O GLOBO - 05/07
Após alguns dias de aparente perplexidade diante das manifestações de rua, a presidente Dilma foi simples e objetiva no seu pronunciamento do dia 21, propondo-se a conduzir pacto político pela melhoria dos serviços públicos. Reconheceu, também, que a maioria nas ruas exige combate à corrupção e qualidade na educação e saúde, o que requer, segundo ela, a oxigenação do sistema político. No dia 24, a presidente voltou à cena com grande aparato e proposta abrangente de diversos pactos, inclusive um, relativo aos desde logo polêmicos plebiscito, referendo e constituinte.
Os manifestantes da rua acertaram ao trazer, como carro chefe, os vinte centavos das passagens urbanas e a qualidade dos serviços, cuja carência leva milhões de pessoas das grandes cidades a perder, diariamente, boa parte do seu tempo útil no transporte de ida e volta ao trabalho. Nos desdobramentos dessas manifestações foram abertas questões que preocupam a sociedade brasileira e que derivam, em grande parte, da falta de definição nítida de estratégia nacional de longo prazo. Algumas de âmbito nacional, como a educação e a saúde, outras de interesse estritamente local, como uma passarela sobre determinada rodovia.

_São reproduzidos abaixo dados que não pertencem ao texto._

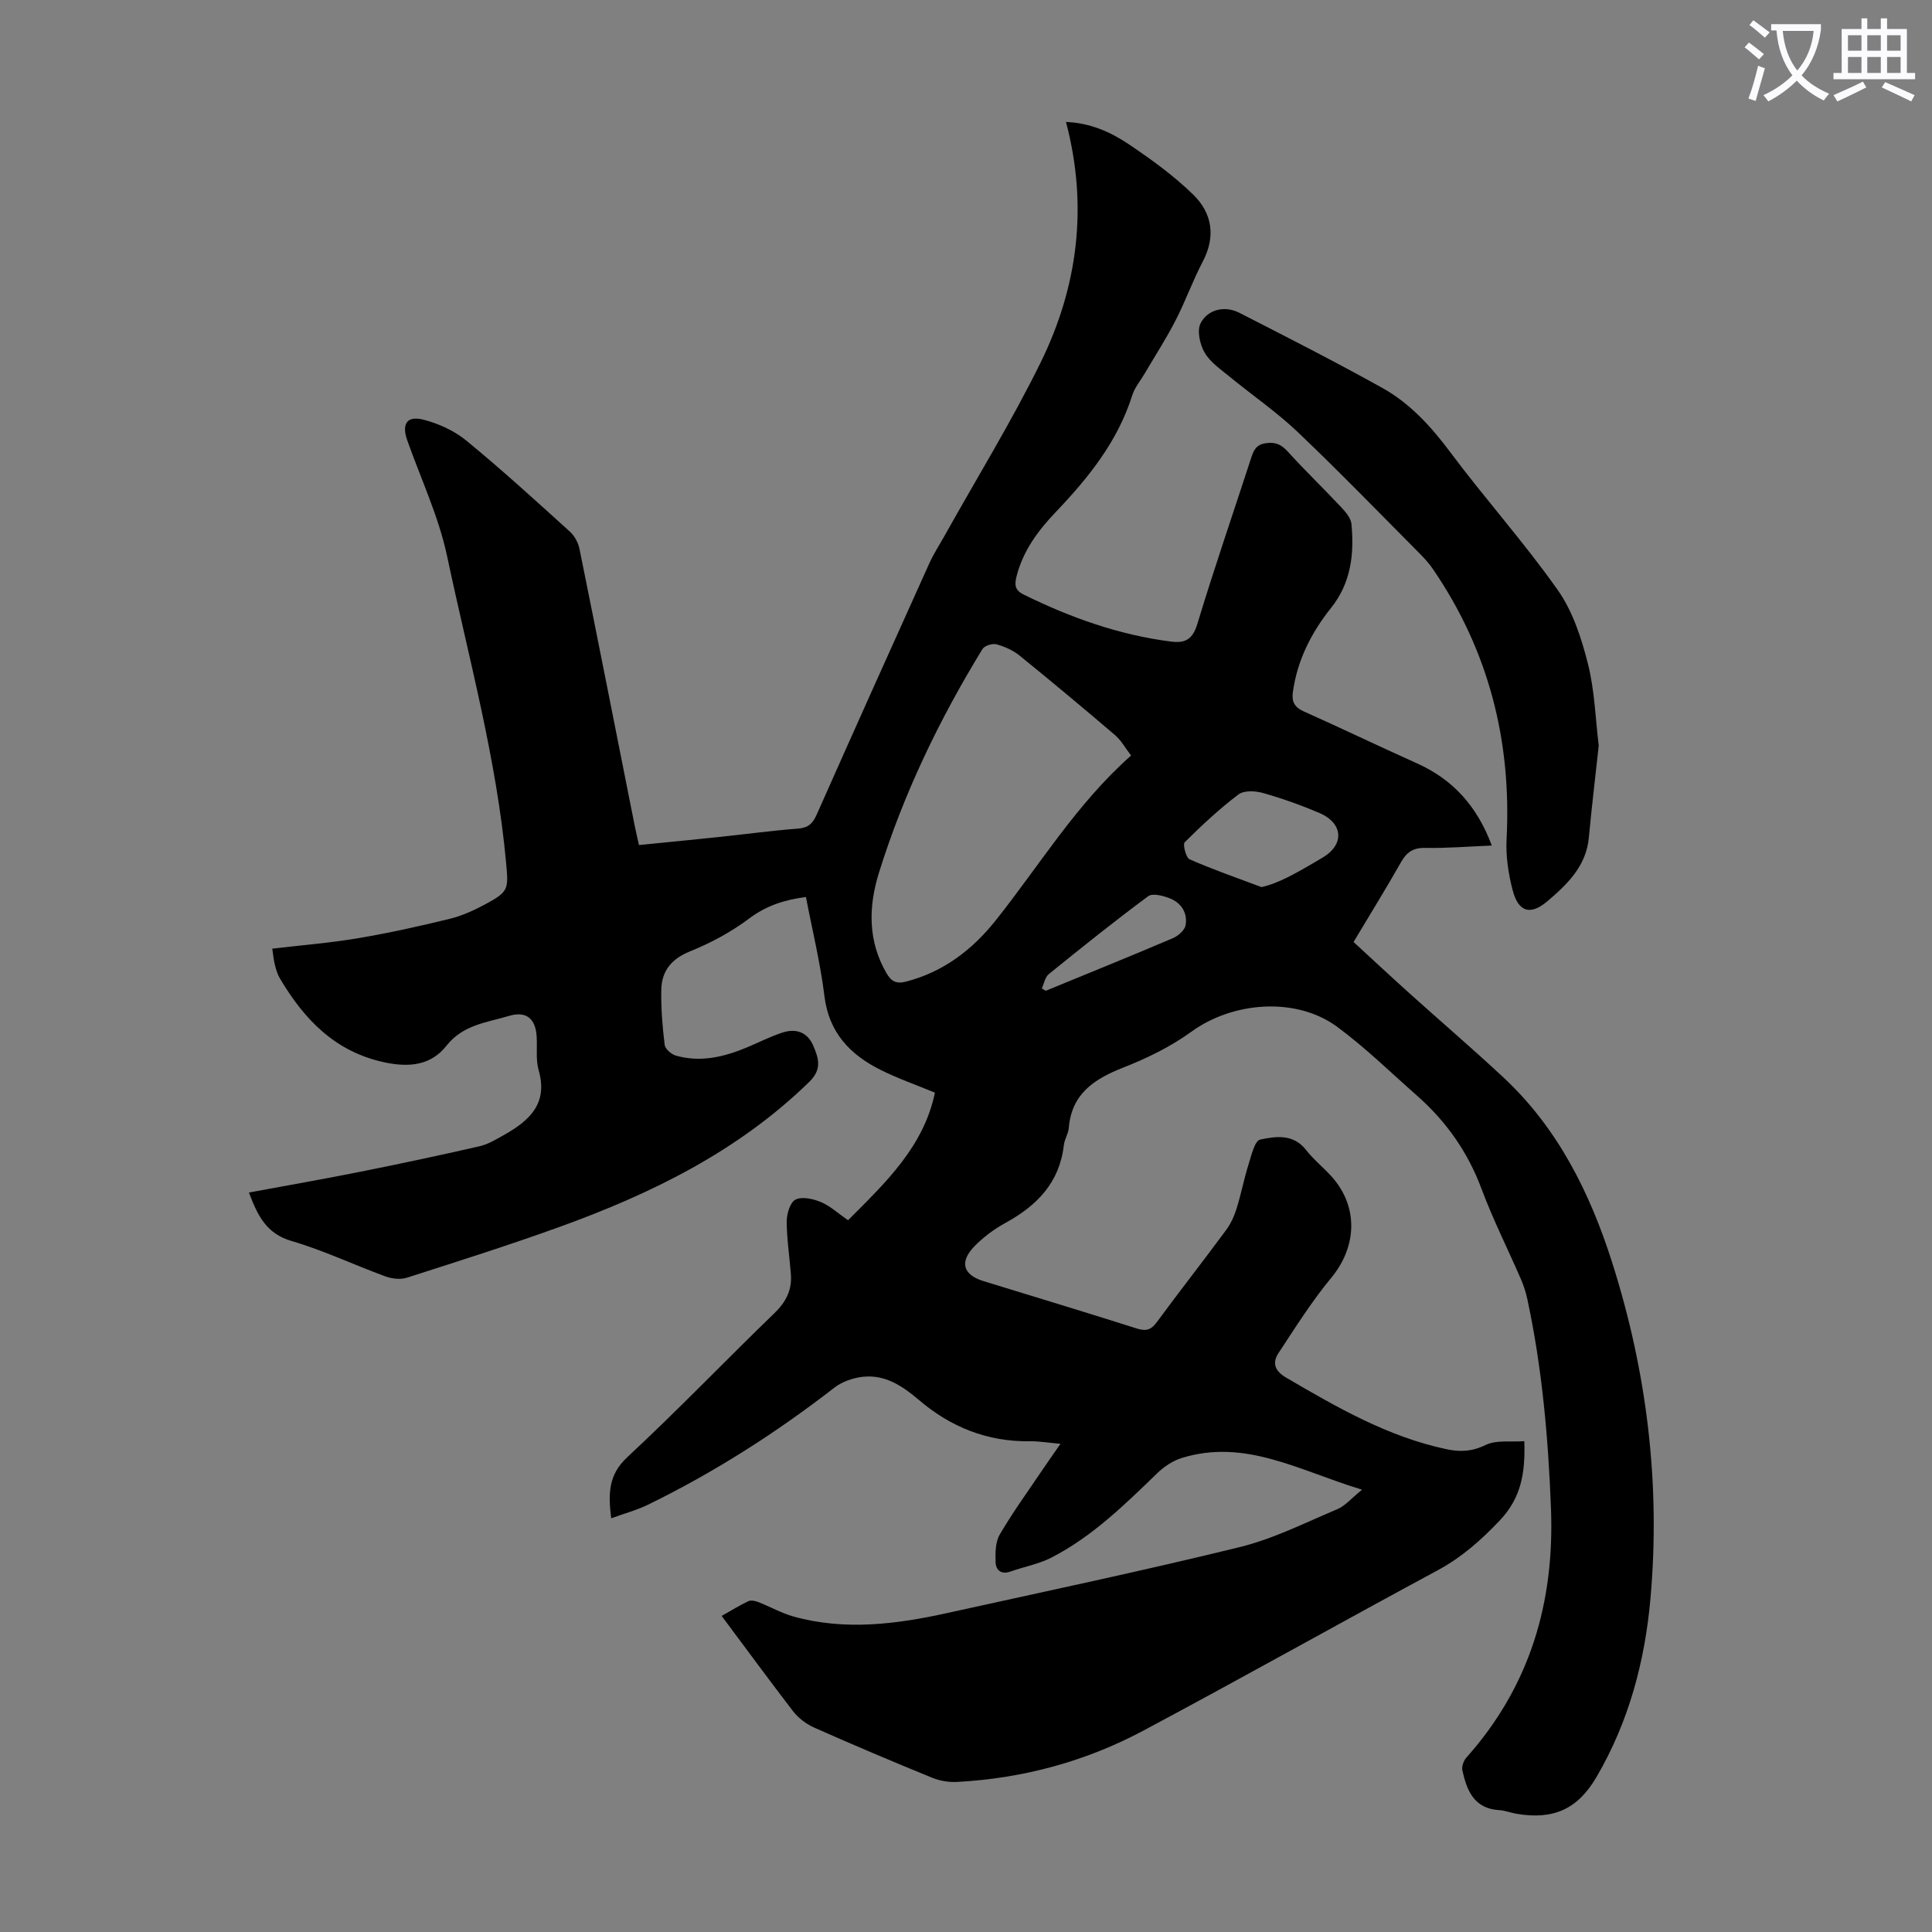 <svg enable-background="new 0 0 400 400" viewBox="0 0 400 400" xmlns="http://www.w3.org/2000/svg"><rect x="0" y="0" width="400" height="400" fill="#808080" stroke="none"/><path d="m362.1 8.8c1.1.8 2.1 1.6 3.1 2.4l-1 1.1c-1.3-1.1-2.3-2-3-2.5zm1.9 4.8c.5.2.9.4 1.4.5-.6 2.3-1.3 4.5-1.9 6.8l-1.5-.5c.8-2.1 1.4-4.3 2-6.8zm-1-9.4c1.3.9 2.4 1.8 3.4 2.5l-1 1.1c-1.4-1.2-2.4-2.1-3.2-2.6zm3.7 2.2v-1.4h10.3v1.2c-.5 3.6-1.8 6.8-4 9.4 1.5 1.6 3.4 2.8 5.7 3.8-.3.4-.7.8-1.1 1.4-2.3-1.1-4.1-2.5-5.6-4.1-1.6 1.6-3.6 3.1-5.9 4.3-.3-.5-.7-.9-1-1.3 2.4-1.1 4.4-2.5 6-4.1-1.9-2.5-3-5.6-3.3-9.3h-1.1zm8.8 0h-6.4c.3 3.3 1.3 6 3 8.2 2-2.3 3.1-5.1 3.4-8.2z" fill="#fbfafc"/><path d="m385.3 3.8h1.3v2.2h2.8v-2.2h1.3v2.2h4.1v9.1h1.7v1.3h-16.9v-1.3h1.7v-9.1h4.1v-2.2zm.4 13.1.7 1.2c-1.8.9-3.8 1.9-6 2.9-.2-.4-.5-.8-.8-1.3 2.3-1 4.3-1.9 6.1-2.8zm-3.1-6.4h2.8v-3.2h-2.8zm0 4.6h2.8v-3.3h-2.8zm4-4.6h2.8v-3.2h-2.8zm0 4.6h2.8v-3.3h-2.8zm3.7 1.9c2.1.9 4.1 1.8 6.1 2.7l-.7 1.3c-2.2-1.1-4.2-2-6.1-2.9zm3.2-9.7h-2.8v3.2h2.8zm-2.8 7.8h2.8v-3.3h-2.8z" fill="#fbfafc"/><g fill="#000001"><path d="m149.41 334.56c2.03-1.14 3.72-2.2 5.52-3.05.54-.25 1.42-.07 2.04.17 2.46.96 4.81 2.3 7.34 3.01 10.67 2.96 21.3 1.59 31.85-.74 20.18-4.45 40.41-8.71 60.47-13.63 6.98-1.71 13.58-5.05 20.27-7.87 1.61-.68 2.86-2.22 5.1-4.03-12.91-3.88-24.16-10.67-37.39-6.54-1.81.57-3.59 1.76-4.97 3.09-6.77 6.54-13.48 13.16-21.95 17.51-2.64 1.35-5.68 1.9-8.51 2.9-1.9.66-2.99-.3-3.05-1.91-.07-1.93-.06-4.19.85-5.75 2.7-4.62 5.86-8.97 8.86-13.42 1.11-1.65 2.27-3.28 3.72-5.37-2.44-.22-4.4-.56-6.35-.53-8.81.11-16.39-2.93-23.02-8.6-3.3-2.81-6.91-5.22-11.44-4.76-2.08.21-4.39 1-6.02 2.27-12.06 9.36-24.85 17.52-38.56 24.22-2.34 1.14-4.9 1.82-7.63 2.82-.63-5.15-.59-9 3.34-12.66 10.4-9.67 20.25-19.95 30.47-29.83 2.37-2.29 3.63-4.76 3.4-7.96-.27-3.67-.86-7.34-.87-11.01 0-1.58.71-3.98 1.83-4.53 1.36-.67 3.64-.16 5.24.51 1.92.8 3.53 2.32 5.63 3.77 7.67-7.71 15.64-15.15 17.99-26.42-3.92-1.62-7.72-2.94-11.29-4.73-6.3-3.15-10.67-7.72-11.59-15.26-.84-6.85-2.5-13.6-3.83-20.51-4.42.56-8.2 1.78-11.77 4.46-3.7 2.78-7.93 5.05-12.23 6.79-3.89 1.57-5.87 4.08-5.95 7.99-.07 3.78.24 7.59.7 11.35.1.85 1.37 1.97 2.31 2.24 5.09 1.46 9.96.29 14.69-1.68 2.47-1.03 4.87-2.27 7.4-3.09 2.78-.91 5.18-.09 6.38 2.75 1.08 2.56 1.87 4.81-.84 7.46-14.77 14.41-32.75 23.19-51.81 30.07-10.4 3.75-20.95 7.1-31.49 10.47-1.33.43-3.09.23-4.44-.26-6.5-2.38-12.81-5.39-19.43-7.33-5.21-1.52-7.02-5.2-8.84-10.04 7.79-1.44 15.34-2.76 22.86-4.26 8.31-1.66 16.59-3.42 24.85-5.31 1.81-.41 3.51-1.45 5.16-2.38 5.16-2.92 9.1-6.44 7.12-13.34-.63-2.2-.28-4.67-.42-7.02-.22-3.65-2.13-5.34-5.71-4.26-4.57 1.37-9.52 1.81-12.94 6.15-3.18 4.04-7.59 4.57-12.74 3.49-10.32-2.17-16.69-8.85-21.75-17.36-.51-.85-.8-1.85-1.05-2.82-.27-1.06-.36-2.16-.55-3.38 6.06-.72 11.94-1.18 17.74-2.16 6.38-1.07 12.72-2.48 19.01-4.02 2.57-.63 5.07-1.78 7.41-3.04 4.78-2.58 4.75-3.08 4.26-8.48-1.96-21.57-7.75-42.42-12.21-63.5-1.74-8.23-5.43-16.04-8.26-24.04-1.2-3.38-.1-5.16 3.35-4.28 3.14.81 6.4 2.29 8.89 4.34 7.35 6.03 14.38 12.45 21.43 18.84.98.88 1.74 2.33 2 3.63 3.86 19.06 7.62 38.14 11.41 57.22.24 1.2.53 2.39.89 4.04 5.63-.56 11.26-1.11 16.88-1.7 5.34-.56 10.66-1.3 16.01-1.7 2.12-.16 3.07-1.02 3.89-2.87 7.71-17.36 15.49-34.69 23.31-52 .91-2.02 2.14-3.91 3.23-5.85 6.64-11.89 13.8-23.52 19.81-35.72 7.72-15.7 9.91-32.37 5.28-49.87 5.02.2 9.21 2.07 12.95 4.58 4.7 3.16 9.36 6.53 13.4 10.47 3.91 3.81 4.7 8.65 1.97 13.85-2.07 3.95-3.58 8.2-5.62 12.17-1.92 3.74-4.21 7.28-6.34 10.91-.9 1.54-2.13 2.98-2.65 4.64-3.02 9.57-9.1 17.09-15.86 24.18-3.66 3.84-6.75 8-8.09 13.3-.46 1.83-.3 2.87 1.48 3.75 9.69 4.77 19.73 8.36 30.5 9.73 2.97.38 4.49-.46 5.46-3.66 3.46-11.44 7.36-22.74 11.06-34.11.53-1.63.95-2.99 3.11-3.3 2.06-.3 3.24.3 4.59 1.78 3.53 3.89 7.32 7.53 10.91 11.36.96 1.02 2.11 2.32 2.23 3.58.6 6.23-.09 12.21-4.21 17.37-4.11 5.15-7.02 10.87-7.92 17.49-.26 1.88.32 3.07 2.2 3.92 7.85 3.51 15.6 7.24 23.45 10.76 7.46 3.34 12.48 8.83 15.54 17.04-4.81.2-9.33.57-13.84.49-2.5-.04-3.8.92-4.97 2.98-3.08 5.44-6.38 10.76-9.81 16.5 3.85 3.54 7.67 7.11 11.55 10.6 6.49 5.84 13.12 11.51 19.5 17.46 11.28 10.53 17.91 23.91 22.5 38.33 7.2 22.63 10.02 45.84 7.92 69.54-1.16 13.05-4.49 25.52-11.16 36.93-3.88 6.64-8.85 8.93-16.54 7.64-1.21-.2-2.39-.69-3.6-.76-5.22-.3-6.72-4.05-7.64-8.23-.18-.8.25-2 .83-2.65 13.15-14.75 18.27-32.08 17.51-51.64-.56-14.57-1.83-29.01-4.89-43.27-.3-1.4-.75-2.8-1.32-4.12-2.71-6.25-5.79-12.36-8.17-18.73-2.85-7.65-7.34-14-13.4-19.33-5.45-4.8-10.67-9.93-16.5-14.22-8.51-6.26-21.61-5.2-30.16 1.02-4.28 3.11-9.22 5.51-14.16 7.45-6.01 2.37-10.65 5.42-11.23 12.49-.1 1.2-.88 2.33-1.02 3.53-.88 7.75-5.55 12.53-12.06 16.1-2.32 1.27-4.55 2.92-6.4 4.8-3.22 3.29-2.44 5.96 1.82 7.27 10.57 3.26 21.16 6.44 31.7 9.8 1.94.62 2.99.32 4.18-1.3 4.71-6.39 9.61-12.65 14.33-19.04.97-1.31 1.69-2.88 2.18-4.44.94-2.98 1.51-6.07 2.45-9.05.6-1.9 1.3-5.03 2.44-5.27 3.21-.68 6.87-1.24 9.51 2.15 1.57 2.02 3.63 3.64 5.34 5.56 5.55 6.25 5.19 14.48-.14 20.92-4.03 4.87-7.43 10.28-10.91 15.57-1.34 2.03-.79 3.7 1.61 5.1 10.54 6.16 21.08 12.25 33.21 14.81 2.76.58 5.24.5 8.03-.87 2.24-1.1 5.28-.59 8.04-.8.23 6.62-.67 11.75-5.05 16.38-3.9 4.12-7.91 7.67-12.92 10.37-20.37 10.98-40.54 22.32-60.96 33.21-11.97 6.38-24.91 9.86-38.5 10.59-1.71.09-3.59-.22-5.18-.87-8.17-3.34-16.3-6.78-24.37-10.36-1.64-.73-3.27-1.95-4.37-3.35-4.95-6.44-9.71-12.94-14.83-19.79zm84.77-178.14c-1.26-1.63-2.08-3.17-3.32-4.22-6.52-5.57-13.11-11.07-19.77-16.47-1.35-1.09-3.09-1.87-4.78-2.33-.84-.23-2.47.28-2.9.98-8.95 14.61-16.36 29.98-21.45 46.37-2.17 6.99-2.3 14.08 1.59 20.76.97 1.66 1.99 2.25 4.04 1.72 7.71-1.99 13.69-6.57 18.5-12.6 9.12-11.42 16.67-24.09 28.09-34.21zm26.99 27.24c3.4-.74 6.86-2.65 12.69-6.12 4.49-2.67 4.31-7.09-.75-9.25-3.79-1.61-7.7-3-11.66-4.12-1.57-.44-3.91-.55-5.04.31-3.94 2.99-7.6 6.39-11.12 9.89-.45.45.25 3.22 1.02 3.55 4.86 2.13 9.89 3.87 14.86 5.74zm-45.47 20.98c.27.16.54.33.81.49 8.77-3.6 17.56-7.16 26.28-10.87 1.11-.47 2.48-1.64 2.67-2.68.46-2.55-.88-4.66-3.29-5.6-1.37-.54-3.54-1.1-4.45-.43-7 5.19-13.82 10.65-20.59 16.14-.77.63-.97 1.95-1.43 2.95z"/><path d="m331 154.38c-.72 6.63-1.47 12.84-2.05 19.07-.55 5.89-4.49 9.65-8.53 13.1-3.61 3.08-6.06 2.25-7.24-2.24-.89-3.4-1.44-7.06-1.26-10.55 1.06-20.34-3.69-39.03-15.22-55.9-.81-1.19-1.8-2.29-2.82-3.31-8.37-8.41-16.62-16.94-25.22-25.12-4.34-4.13-9.35-7.56-14-11.38-1.88-1.54-4.06-3.01-5.24-5.02-.99-1.68-1.64-4.56-.85-6.1 1.51-2.93 5.06-3.68 8-2.18 9.94 5.08 19.9 10.15 29.65 15.58 5.71 3.19 10.06 7.96 14.02 13.26 7.22 9.67 15.32 18.71 22.27 28.56 3.11 4.4 4.92 9.99 6.26 15.3 1.4 5.59 1.56 11.49 2.23 16.93z"/></g></svg>

Com tantas propostas, tanto do Planalto como da sociedade, aumenta o risco de não se chegar a tempo a lugar algum. Mas o que fazer ou por onde começar? A recusa da PEC 37 no Congresso foi um bom início. Mas o discurso oficial precisa ser complementado por ações práticas e visíveis, que obedeçam às restrições financeiras decorrentes da imprudência com que vem sendo elaborado e executado o orçamento público.
Questão central para o dia a dia da sociedade se encontra na mobilidade urbana, parte do nosso sistema de transportes, foco emblemático de estratégia equivocada, ineficácia administrativa e desperdício de capital e que, aparentemente, foi o estopim da revolta que mobiliza os cidadãos nas principais capitais do país.
Causa espécie que nesse quadro tumultuado ainda esteja de pé o projeto iniciado em 2007, a ser brevemente licitado, do trem-bala, de 511 quilômetros entre Campinas e Rio de Janeiro, que atravessaria 32 municípios densamente povoados, cujo prazo de construção é imprevisível. O seu orçamento, três vezes revisto, está no nível de dezenas de bilhões de reais, a ser coberto, na sua maior parte, com recursos públicos, da mesma ordem de grandeza dos que poderiam propiciar duplicação da rede de metrô ou outros sistemas de atendimento à mobilidade urbana, como o BRT.
Para caracterizar com alguma aritmética a insensatez da ideia do trem-bala, basta indicar que, se viesse a ser concluído, atenderia a uma demanda de 20 mil usuários por dia, enquanto a população que se beneficia dos 269 quilômetros dos metrôs de oito cidades é de 4,5 milhões por dia, em parte mal servida, e com outros milhões excluídos.
Como um sinal para a sociedade de nova atitude efetiva do governo, seriam de grande impacto o cancelamento desse fantasioso projeto de trem-bala e o fechamento da empresa que para esse fim foi constituída.